Huurgeschillen en schadevergoeding in verband met de bouw van een nieuw ziekenhuis in Otrobanda

In deze zaak, die zich afspeelt in het Gerecht in eerste aanleg van Curaçao, betreft het een kort geding dat is aangespannen door de Stichting voor Beheer Winkelcentrum Colon tegen verschillende huurders van het winkelcentrum. De aanleiding voor het kort geding zijn de werkzaamheden voor de bouw van een nieuw ziekenhuis in Otrobanda, die hebben geleid tot schade en verminderd huurgenot voor de huurders. De Stichting vordert een huurprijsvermindering en betaling van achterstallige huurpenningen. De huurders hebben verweer gevoerd tegen de vorderingen van de Stichting, waarbij zij onder andere de hoogte van de huurprijs betwisten.

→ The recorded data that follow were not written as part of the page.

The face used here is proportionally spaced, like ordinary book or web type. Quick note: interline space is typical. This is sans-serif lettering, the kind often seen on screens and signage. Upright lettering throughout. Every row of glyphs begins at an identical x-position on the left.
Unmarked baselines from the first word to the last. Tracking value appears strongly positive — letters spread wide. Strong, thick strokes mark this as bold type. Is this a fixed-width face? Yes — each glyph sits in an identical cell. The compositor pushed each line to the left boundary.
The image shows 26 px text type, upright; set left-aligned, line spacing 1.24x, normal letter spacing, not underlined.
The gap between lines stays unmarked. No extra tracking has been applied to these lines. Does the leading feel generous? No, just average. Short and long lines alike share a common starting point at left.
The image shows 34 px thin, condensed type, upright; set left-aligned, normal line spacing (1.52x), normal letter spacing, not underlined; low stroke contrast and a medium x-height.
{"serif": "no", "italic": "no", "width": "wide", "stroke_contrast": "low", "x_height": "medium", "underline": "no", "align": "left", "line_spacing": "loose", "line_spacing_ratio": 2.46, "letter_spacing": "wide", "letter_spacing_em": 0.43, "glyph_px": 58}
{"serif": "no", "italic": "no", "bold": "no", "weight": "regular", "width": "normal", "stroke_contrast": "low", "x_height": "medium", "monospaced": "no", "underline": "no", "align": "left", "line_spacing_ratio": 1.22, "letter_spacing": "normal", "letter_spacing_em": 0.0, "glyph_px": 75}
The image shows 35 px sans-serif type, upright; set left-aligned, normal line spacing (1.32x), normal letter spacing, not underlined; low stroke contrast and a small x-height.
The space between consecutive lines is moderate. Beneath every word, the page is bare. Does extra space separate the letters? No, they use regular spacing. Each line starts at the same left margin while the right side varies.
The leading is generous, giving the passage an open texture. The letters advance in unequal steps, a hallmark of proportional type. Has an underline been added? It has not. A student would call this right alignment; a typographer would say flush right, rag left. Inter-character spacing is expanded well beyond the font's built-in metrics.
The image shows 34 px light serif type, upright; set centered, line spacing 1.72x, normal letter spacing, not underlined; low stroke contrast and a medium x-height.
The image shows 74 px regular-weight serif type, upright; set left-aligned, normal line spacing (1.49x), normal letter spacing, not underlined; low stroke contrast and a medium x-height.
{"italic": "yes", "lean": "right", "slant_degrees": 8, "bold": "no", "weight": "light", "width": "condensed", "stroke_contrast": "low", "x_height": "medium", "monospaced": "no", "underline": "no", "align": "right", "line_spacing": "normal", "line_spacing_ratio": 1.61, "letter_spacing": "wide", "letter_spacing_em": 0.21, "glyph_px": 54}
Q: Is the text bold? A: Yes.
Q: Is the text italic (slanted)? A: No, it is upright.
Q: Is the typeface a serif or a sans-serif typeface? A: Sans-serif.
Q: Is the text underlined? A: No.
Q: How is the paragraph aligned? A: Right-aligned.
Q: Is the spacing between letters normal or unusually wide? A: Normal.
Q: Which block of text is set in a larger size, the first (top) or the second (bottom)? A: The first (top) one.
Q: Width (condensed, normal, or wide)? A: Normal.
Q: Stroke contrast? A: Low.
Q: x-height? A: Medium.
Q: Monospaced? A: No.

Het Gerecht heeft in zijn vonnis geoordeeld dat de Stichting bevoegd is om het Land te vertegenwoordigen in deze zaken. Het Gerecht heeft vastgesteld dat de huurders recht hebben op een huurprijsvermindering van 50% over de periode van oktober 2014 tot en met december 2017, als gevolg van de overlast door de bouwactiviteiten. De huurders zijn veroordeeld tot betaling van de achterstallige huur, met de mogelijkheid om de huurprijs te verlagen in de toekomst. Het vonnis bevat ook bepalingen over ontruiming van de winkelruimten indien de huurders niet voldoen aan de betalingsverplichtingen.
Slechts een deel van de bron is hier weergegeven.